Quizás sea necesario retrotraernos, por lo menos, al legado de las revoluciones de los siglos XVII y XVIII y la Ilustración para encontrar el origen de la expresión derechos humanos bajo la forma de “derechos del hombre”, que tras un largo y complejo proceso se fueron (y se siguen) ampliando. Al referirse a los derechos del hombre estas revoluciones y estos pensadores exigían ciertos derechos que tenían todos los hombres, universales, por el sólo hecho de ser hombres: el sustento teórico era el Derecho natural, se trataba de derechos naturales a la condición humana; los hombres a través de un contrato social, según el contractualismo, los garantizaban y hacían efectivos para toda la sociedad. Más tarde, estos derechos se explicaron como un producto histórico social, no como una característica esencial de un hombre abstracto, sino como el resultado del desarrollo histórico social protagonizado por hombres concretos. Así se explica porque fue posible empezar a negar derechos considerados sagrados por su supuesto carácter natural y comenzar a imponer otros, no por su origen natural, sino por la lucha de olvidadas fuerzas sociales.
Soy de los que considera acertada, más allá de la ecléctica y superficial mirada acusadora posmoderna, esta concepción del desarrollo social, adhiero a ella por su carácter científico. Adoptar este punto de vista como sustento de mi análisis explica, por lo menos tengo la esperanza que así sea, los juicios y valoraciones que realizaré en torno al tema en cuestión.
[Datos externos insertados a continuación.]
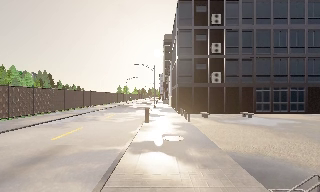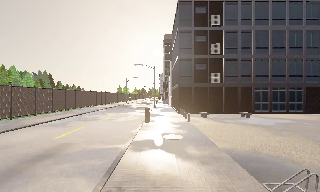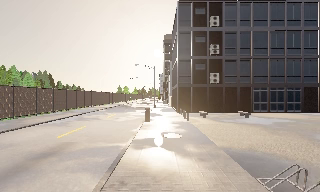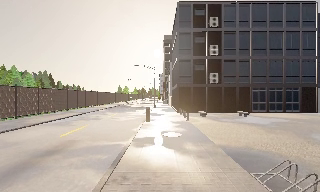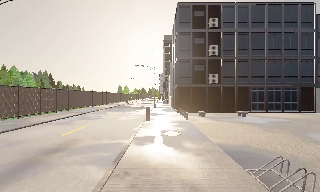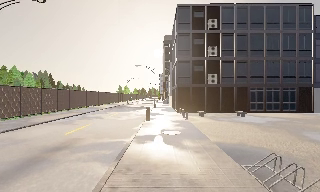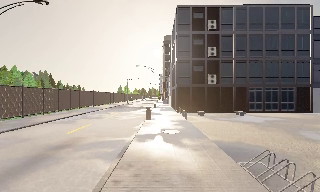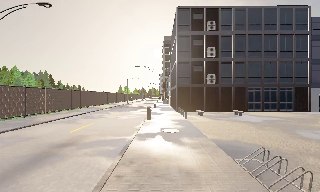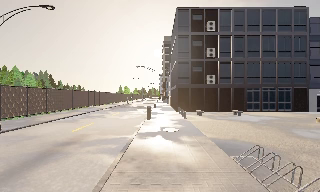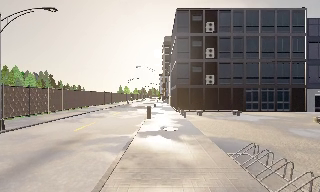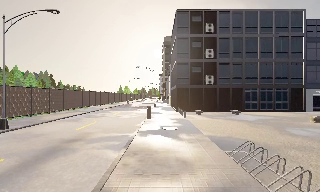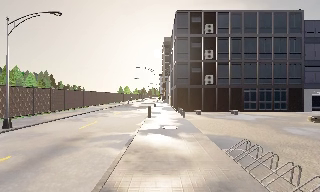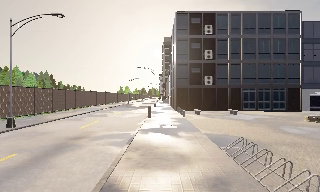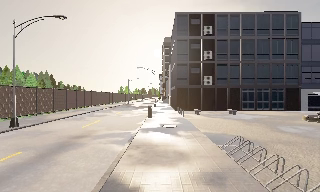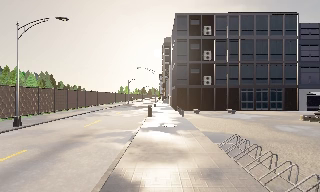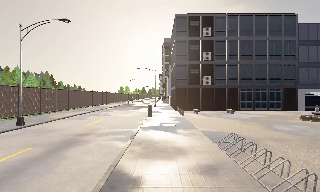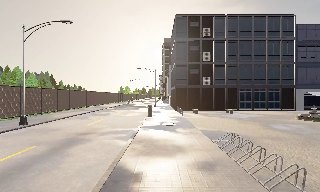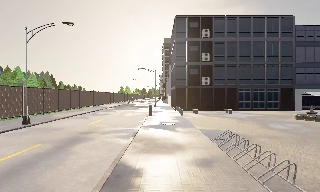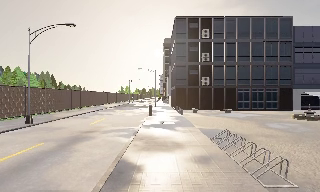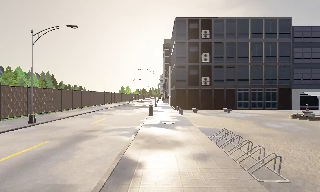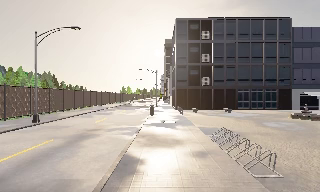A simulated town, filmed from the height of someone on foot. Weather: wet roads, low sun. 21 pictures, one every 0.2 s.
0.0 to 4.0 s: The camera travels backward, about 5 m, so what stands in front gets smaller.
The film runs backward here.

Pero, como decíamos más arriba, en la “historia reciente” de la región y de nuestro país la expresión derechos humanos ha adquirido un sentido muy específico: la lucha por la verdad y la justicia en torno a la represión y los crímenes del terrorismo de estado en las últimas dictaduras del continente.
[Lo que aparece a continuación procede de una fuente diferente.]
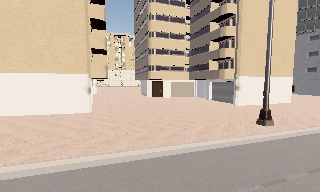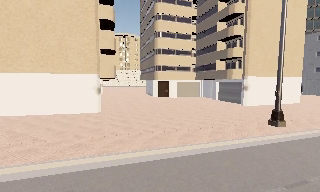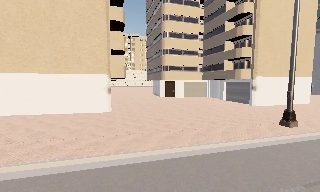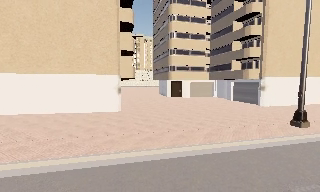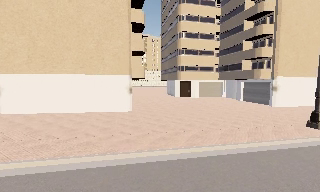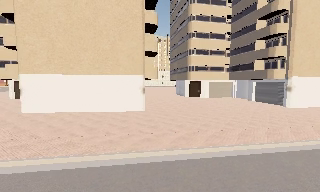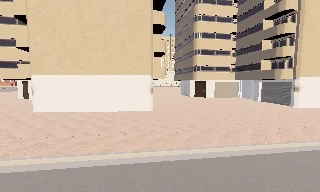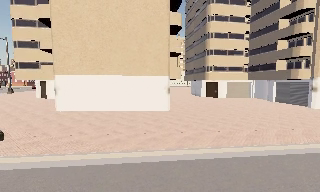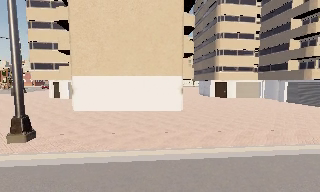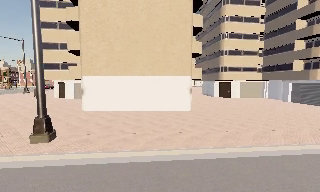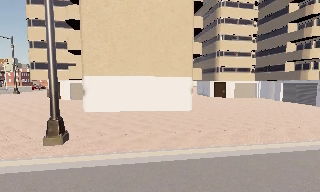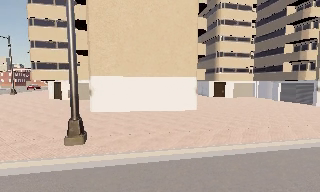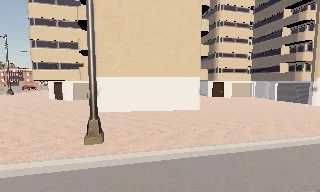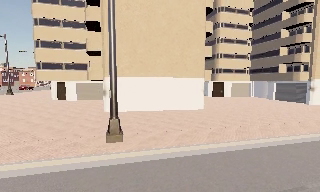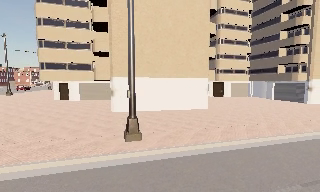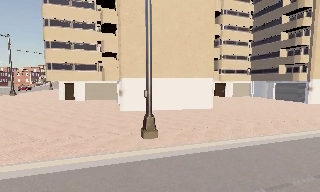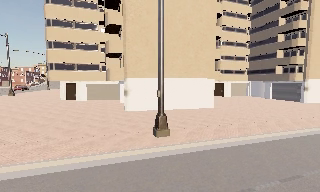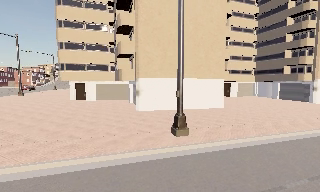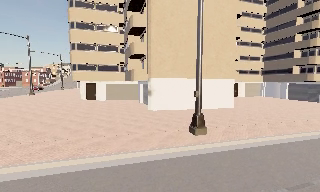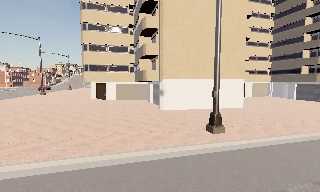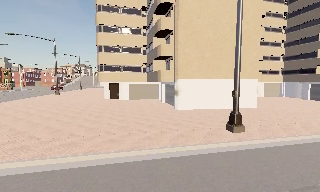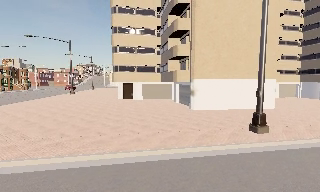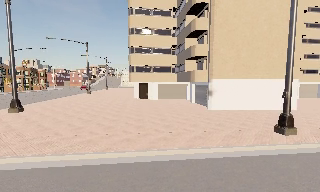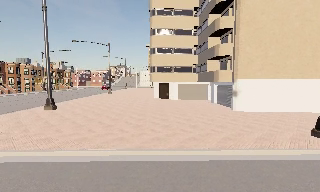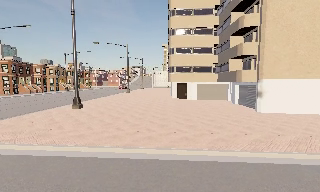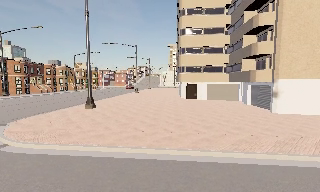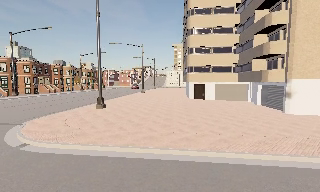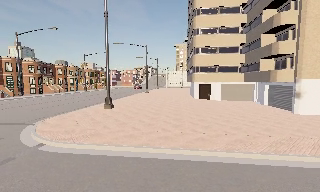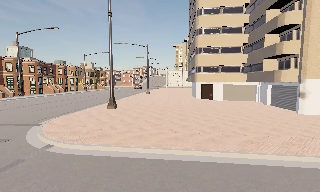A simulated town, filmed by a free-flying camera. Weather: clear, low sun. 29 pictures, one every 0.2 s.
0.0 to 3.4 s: The camera travels to its left, about 13 m, so close, fixed things drift to the right. It gains speed.
3.4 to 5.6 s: The scene slides to the right, as the camera pans about 25 degrees to its left. It travels to its left, about 8 m, so close, fixed things drift to the right.
The film runs forward here.

En nuestra dimensión espacio-temporal los otros derechos del hombre han tenido que buscar caminos alternativos para hacerse oír, para representarse. Seguramente reconquistarán su denominación “natural” en tanto nuestros avances en la verdad y la justicia y, fundamentalmente, en una síntesis histórica que sea arma espiritual en manos del accionar conciente de los sectores subalternos liberen o vuelvan a ampliar los significados posibles del concepto Derechos Humanos. Y esto es así porque la conmoción y ruptura social, política, cultural y psicológica provocada por el terrorismo de estado exigió una representación y un tratamiento exclusivo.
Por lo tanto, todo análisis sobre los Derechos Humanos en este sentido “restringido” exige una definición precisa de quienes eran y que objetivos se proponían las víctimas del terrorismo de estado, así como que fuerzas sociales y políticas los enfrentaron y reprimieron y por que. Estoy convencido que un análisis acertado de la evolución política de los derechos humanos en el país no puede aislarse, separarse metafísicamente del conjunto de la trama política nacional. No parece serio, por ejemplo, tomar un país de la región y decir: se creo tal organismo a nivel del estado, se juzgaron tantos criminales, se encontraron tantos compañeros desaparecidos, etc., en consecuencia la lucha por los derechos humanos en tal país avanzó más que en el nuestro.
Para estos análisis no importa si en el hipotético país los avances y retrocesos están más ligados a los movimientos de las elites políticas y no a un proceso de concientización de las grandes masas del pueblo que a la elección siguiente reeligen por un margen aún mayor al más conspicuo representante del neoliberalismo en la región. Y no es que aquellas medidas no sean positivas, que las desprecie. No; pero el problema es más complejo.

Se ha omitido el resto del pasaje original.